Description
Description
Given the following list of node groups from a cluster config:
node_groups:
- name: A
instance_type: t3.medium
- name: B
instance_type: c5.xlarge
- name: C
instance_type: c5.4xlarge
Assume we have no deployed APIs and that we have a node from each node group. Since we know that the order of the node groups dictates their priority, we expect that the node groups will be populated based on their priority.
Situation
Except that there are 2 problems:
- The order, when there are enough nodes from each node group, only dictates the likelihood of a pod being scheduled onto a specific node group. And the more node groups there are, the less likely that becomes.
- Increasing the number of API replicas will only lead to filling the node groups evenly (again, for the live nodes only). We don't want that because this way, B and C node groups will only slightly get filled when instead the API replicas could have gotten scheduled onto A. This way, the cluster-autoscaler could have taken the extra nodes away and reduce the costs overall.

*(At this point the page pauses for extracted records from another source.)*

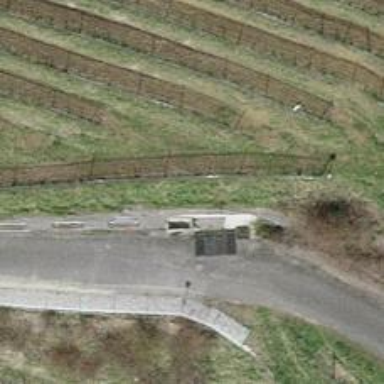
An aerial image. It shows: Retaining wall.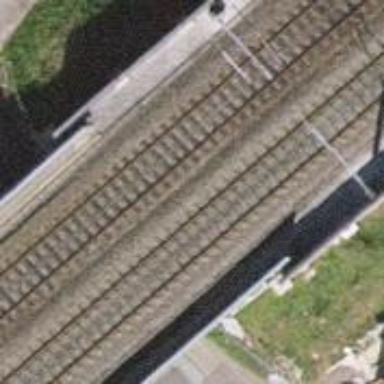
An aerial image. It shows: Bridge over electrified railway with contact lines.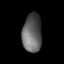
Tissue: lung
Cell type: Epithelial cells
Senescence score: 0.2303
Nuclear area (px): 727
Mean DAPI intensity: 97.263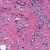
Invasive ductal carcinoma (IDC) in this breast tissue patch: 1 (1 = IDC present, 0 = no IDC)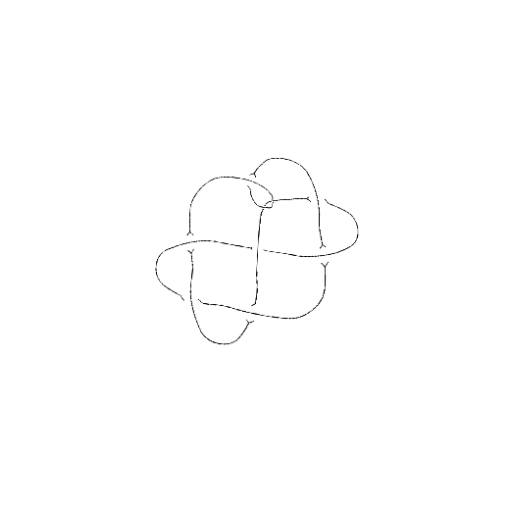
Crossing number: 9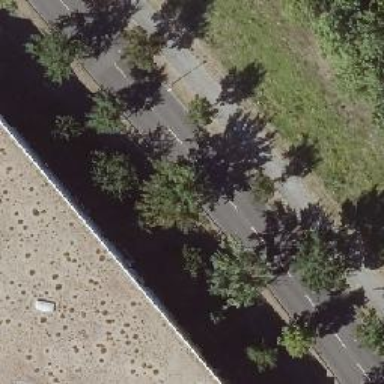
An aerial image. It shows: Avenue lined with deciduous broadleaved trees.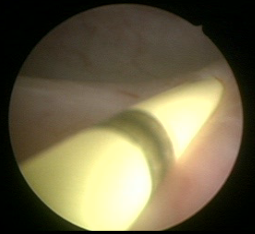
Modality: WLC
Class: Foreign bodies
Subclass: Stent
Lesion: L0
Bladder cancer association: No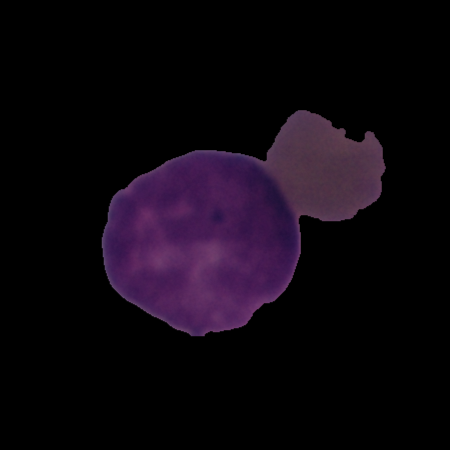
Label: cancer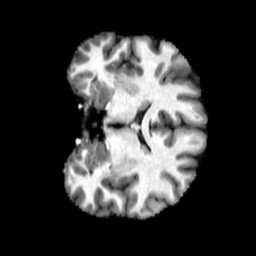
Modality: T1w
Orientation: coronal
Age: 39
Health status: healthy
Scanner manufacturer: philips
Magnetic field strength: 3 T
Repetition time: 0.007812 s
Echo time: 0.003594 s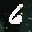
Label: 6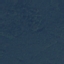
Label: Forest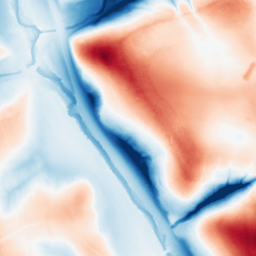
Category: edge_preserving
Decomposition family: guided
Decomposition parameters: radius: 32
eps: 1
Upsampling method: edge_directed
Upsampling parameters: scale: 2
Upsampling scale: 2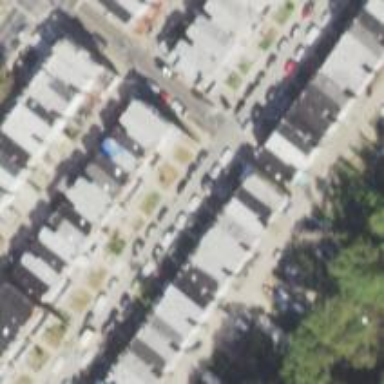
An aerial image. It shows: Alley classified as service road.
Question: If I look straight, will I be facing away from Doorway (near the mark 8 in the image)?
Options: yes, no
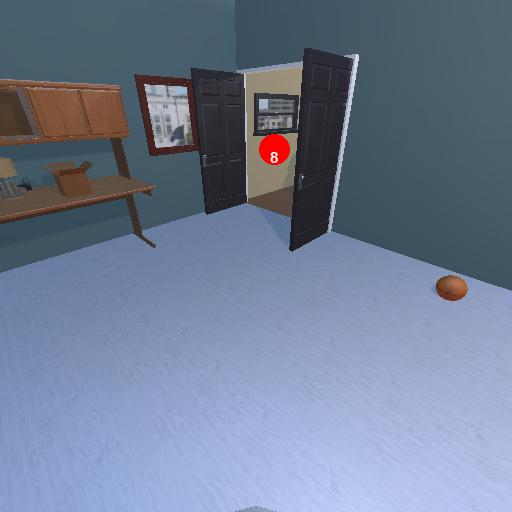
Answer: yes
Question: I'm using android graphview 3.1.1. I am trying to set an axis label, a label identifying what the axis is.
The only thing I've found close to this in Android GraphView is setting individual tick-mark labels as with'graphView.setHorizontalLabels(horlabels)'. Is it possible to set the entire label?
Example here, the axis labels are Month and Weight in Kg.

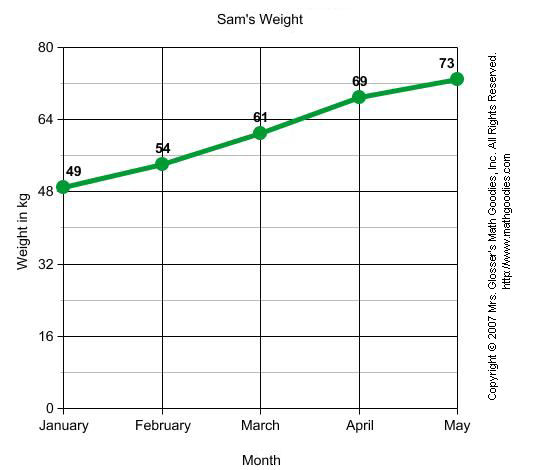
Answer: there is no build-in feature for that, but you can achieve this by nesting the GraphView-View in layouts with TextViews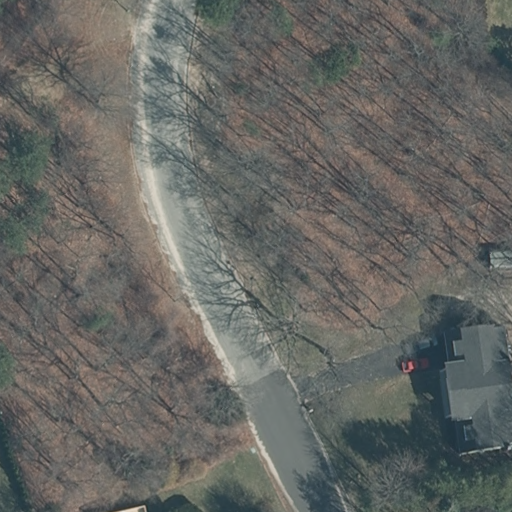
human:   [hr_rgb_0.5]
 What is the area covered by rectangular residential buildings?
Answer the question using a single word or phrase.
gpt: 0m2

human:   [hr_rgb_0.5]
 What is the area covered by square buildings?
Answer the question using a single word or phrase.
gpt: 0m2

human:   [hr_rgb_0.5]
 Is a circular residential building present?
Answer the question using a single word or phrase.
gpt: no

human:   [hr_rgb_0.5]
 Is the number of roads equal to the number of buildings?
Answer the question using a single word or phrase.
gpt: no

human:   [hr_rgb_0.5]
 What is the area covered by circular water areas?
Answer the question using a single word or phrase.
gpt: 0m2

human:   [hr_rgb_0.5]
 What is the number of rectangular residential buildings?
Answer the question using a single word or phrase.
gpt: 0

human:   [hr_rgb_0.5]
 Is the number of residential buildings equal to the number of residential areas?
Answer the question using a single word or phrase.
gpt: yes

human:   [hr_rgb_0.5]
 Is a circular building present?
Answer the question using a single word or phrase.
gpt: no

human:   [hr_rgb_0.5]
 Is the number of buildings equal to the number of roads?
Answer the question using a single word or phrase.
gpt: no

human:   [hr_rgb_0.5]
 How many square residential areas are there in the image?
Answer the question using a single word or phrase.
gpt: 0

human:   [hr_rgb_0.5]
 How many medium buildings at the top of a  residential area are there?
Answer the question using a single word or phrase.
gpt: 2

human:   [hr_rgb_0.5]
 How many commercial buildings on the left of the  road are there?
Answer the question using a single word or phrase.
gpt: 0

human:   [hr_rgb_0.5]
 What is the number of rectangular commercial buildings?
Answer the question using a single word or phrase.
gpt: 0

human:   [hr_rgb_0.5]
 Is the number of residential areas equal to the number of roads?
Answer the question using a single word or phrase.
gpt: no

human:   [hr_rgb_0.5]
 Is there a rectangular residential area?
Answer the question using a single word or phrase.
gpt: yes

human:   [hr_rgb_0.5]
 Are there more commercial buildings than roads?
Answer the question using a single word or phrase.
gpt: no

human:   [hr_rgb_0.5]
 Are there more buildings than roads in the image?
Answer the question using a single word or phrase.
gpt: yes

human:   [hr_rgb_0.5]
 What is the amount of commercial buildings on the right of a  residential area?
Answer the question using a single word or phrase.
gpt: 0

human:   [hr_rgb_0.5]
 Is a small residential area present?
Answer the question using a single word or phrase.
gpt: no

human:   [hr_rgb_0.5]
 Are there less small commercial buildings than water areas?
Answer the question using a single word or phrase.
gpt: no

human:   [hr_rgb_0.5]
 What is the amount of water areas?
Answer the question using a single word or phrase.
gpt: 0

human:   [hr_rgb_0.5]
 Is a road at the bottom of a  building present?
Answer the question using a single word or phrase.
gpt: no

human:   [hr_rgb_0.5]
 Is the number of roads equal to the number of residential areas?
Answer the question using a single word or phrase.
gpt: no

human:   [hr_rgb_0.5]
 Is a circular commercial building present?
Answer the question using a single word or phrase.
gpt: no

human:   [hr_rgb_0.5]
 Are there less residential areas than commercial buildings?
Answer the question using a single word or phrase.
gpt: no

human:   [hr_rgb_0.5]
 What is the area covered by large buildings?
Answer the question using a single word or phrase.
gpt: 0m2

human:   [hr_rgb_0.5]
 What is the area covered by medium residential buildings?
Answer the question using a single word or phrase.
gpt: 550m2

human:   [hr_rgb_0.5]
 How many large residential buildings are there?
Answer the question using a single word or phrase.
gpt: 0

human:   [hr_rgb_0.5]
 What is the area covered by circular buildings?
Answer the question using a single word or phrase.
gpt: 0m2

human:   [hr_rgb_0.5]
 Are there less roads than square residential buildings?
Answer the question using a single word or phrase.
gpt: no

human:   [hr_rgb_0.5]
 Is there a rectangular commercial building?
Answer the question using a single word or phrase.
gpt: no

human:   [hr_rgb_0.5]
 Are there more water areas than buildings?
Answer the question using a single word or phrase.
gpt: no

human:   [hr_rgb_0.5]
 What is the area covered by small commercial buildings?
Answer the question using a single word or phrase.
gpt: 0m2

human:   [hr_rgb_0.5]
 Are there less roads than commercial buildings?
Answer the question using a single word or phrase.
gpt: no

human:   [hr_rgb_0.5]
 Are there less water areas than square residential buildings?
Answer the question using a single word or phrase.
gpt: no

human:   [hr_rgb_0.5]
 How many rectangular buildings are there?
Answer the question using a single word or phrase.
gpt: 0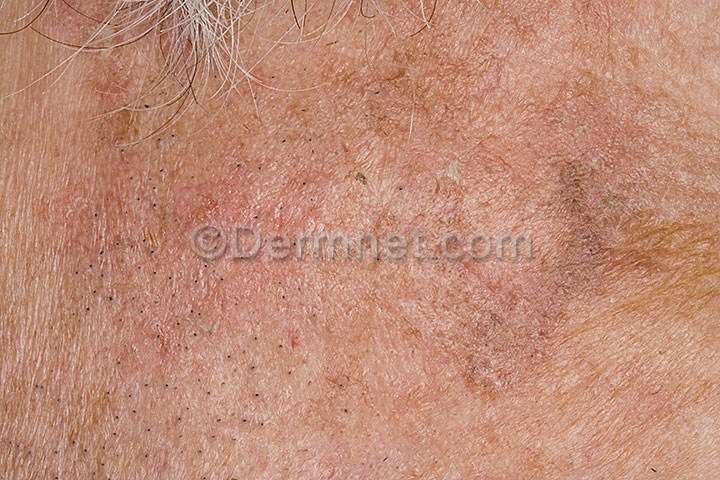
Disease: Actinic Keratosis Basal Cell Carcinoma and other Malignant Lesions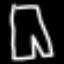
Label: pants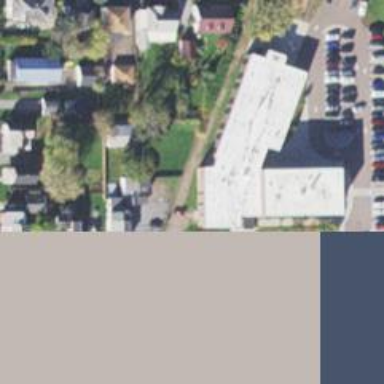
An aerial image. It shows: School.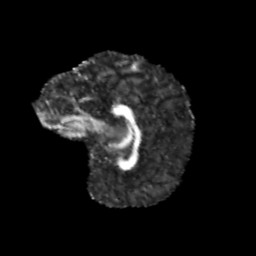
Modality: FA
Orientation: sagittal
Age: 9
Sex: male
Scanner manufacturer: siemens
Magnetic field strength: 3 T
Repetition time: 3.8 s
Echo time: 0.07 s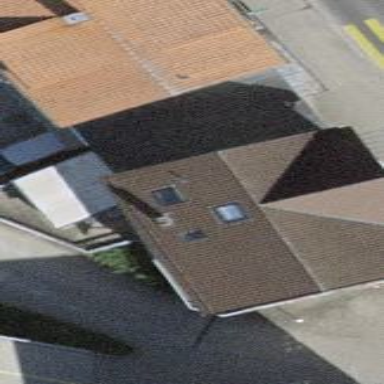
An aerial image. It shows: Gabled building.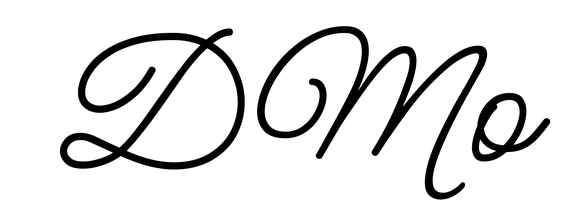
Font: MeowScript-Regular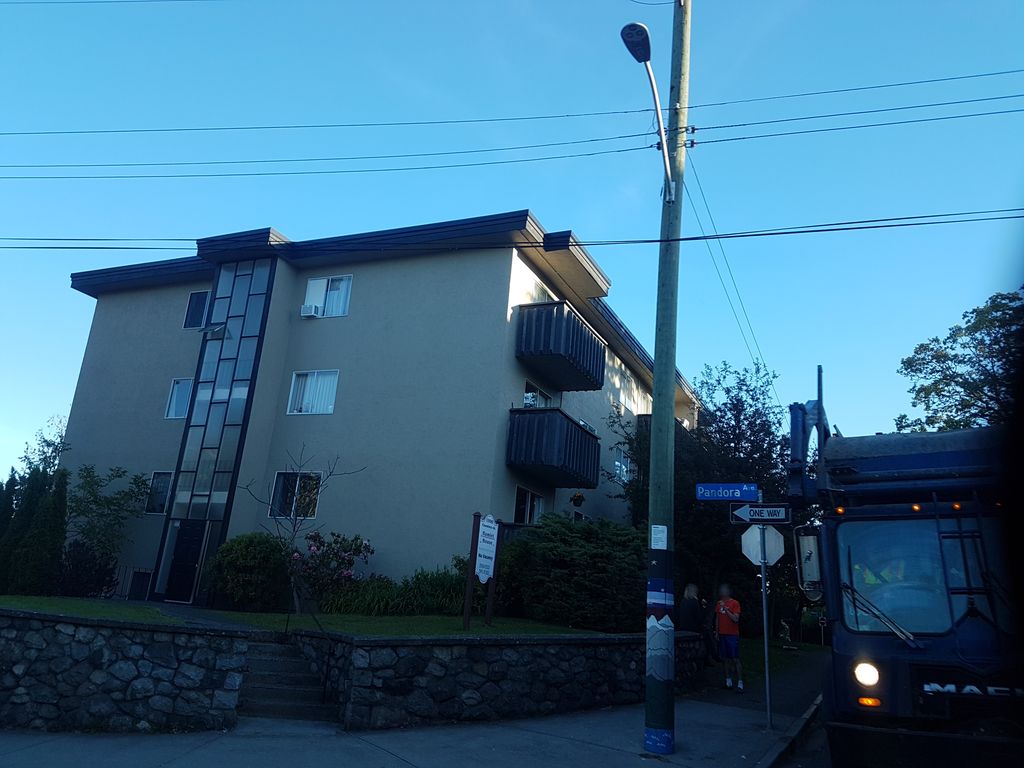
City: victoria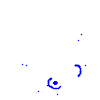
Particle: kaon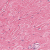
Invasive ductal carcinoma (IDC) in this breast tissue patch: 0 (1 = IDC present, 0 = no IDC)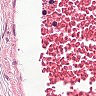
Metastatic tissue present: no
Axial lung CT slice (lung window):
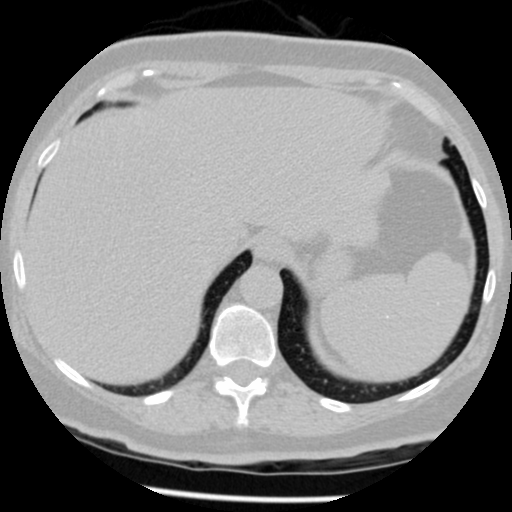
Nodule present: no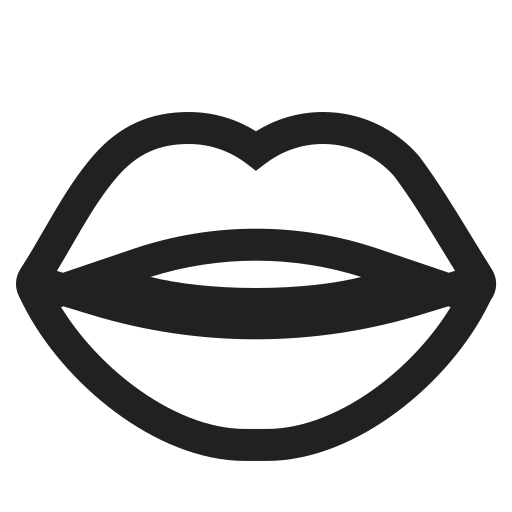
mouth high contrast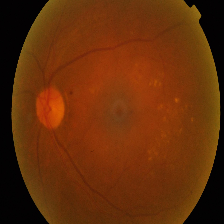
Diabetic retinopathy grade: Proliferative DR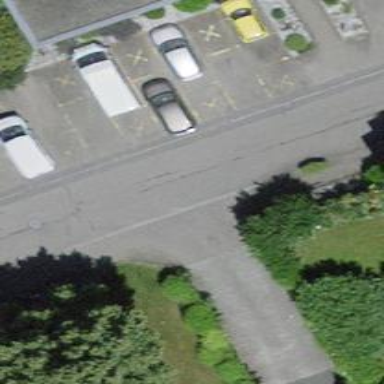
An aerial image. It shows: Unclassified road with asphalt surface.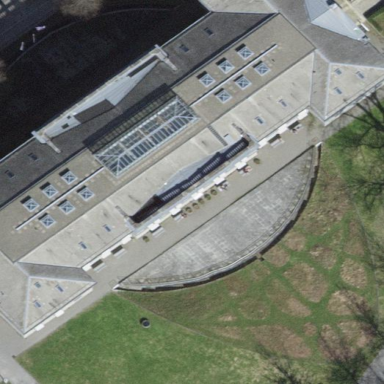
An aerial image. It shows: Public building that is museum.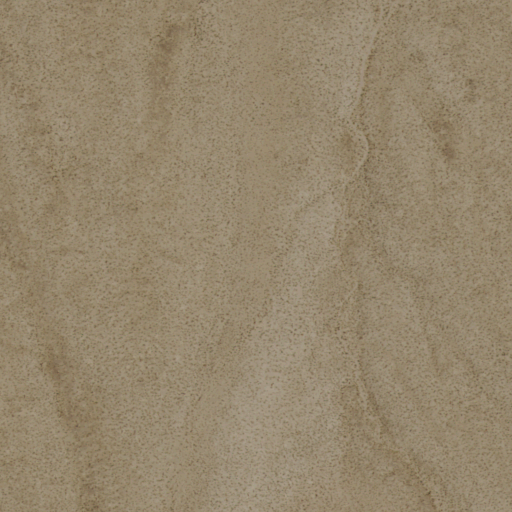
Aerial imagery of plain(s) in Nevada named Buckley Flat containing only shrub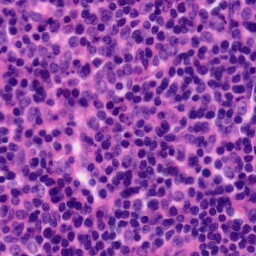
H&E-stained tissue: Tonsil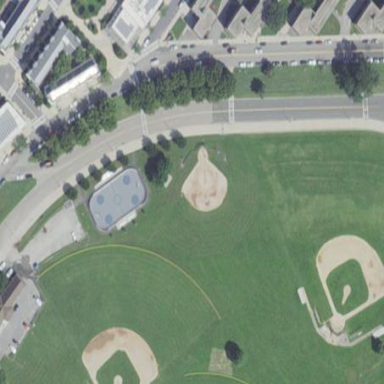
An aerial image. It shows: Grassy baseball pitch for leisure sports.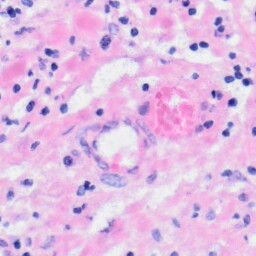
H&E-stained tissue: Liver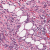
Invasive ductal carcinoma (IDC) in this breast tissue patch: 1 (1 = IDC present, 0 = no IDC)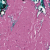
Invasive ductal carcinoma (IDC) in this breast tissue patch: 0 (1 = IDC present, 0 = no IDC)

The above 2 problems need to be addressed. For that, we need to edit the existing k8s scheduler or create a new one for our workloads. More on that here https://kubernetes.io/docs/reference/scheduling/config/ and here https://kubernetes.io/docs/reference/scheduling/policies/.
This becomes serious when there's a major scale-down event in the cluster and then afterwards only a fraction of the API replicas are brought back. The likelihood of this happening on a production cluster is high to very high.
Update
This is also applicable to single node group clusters.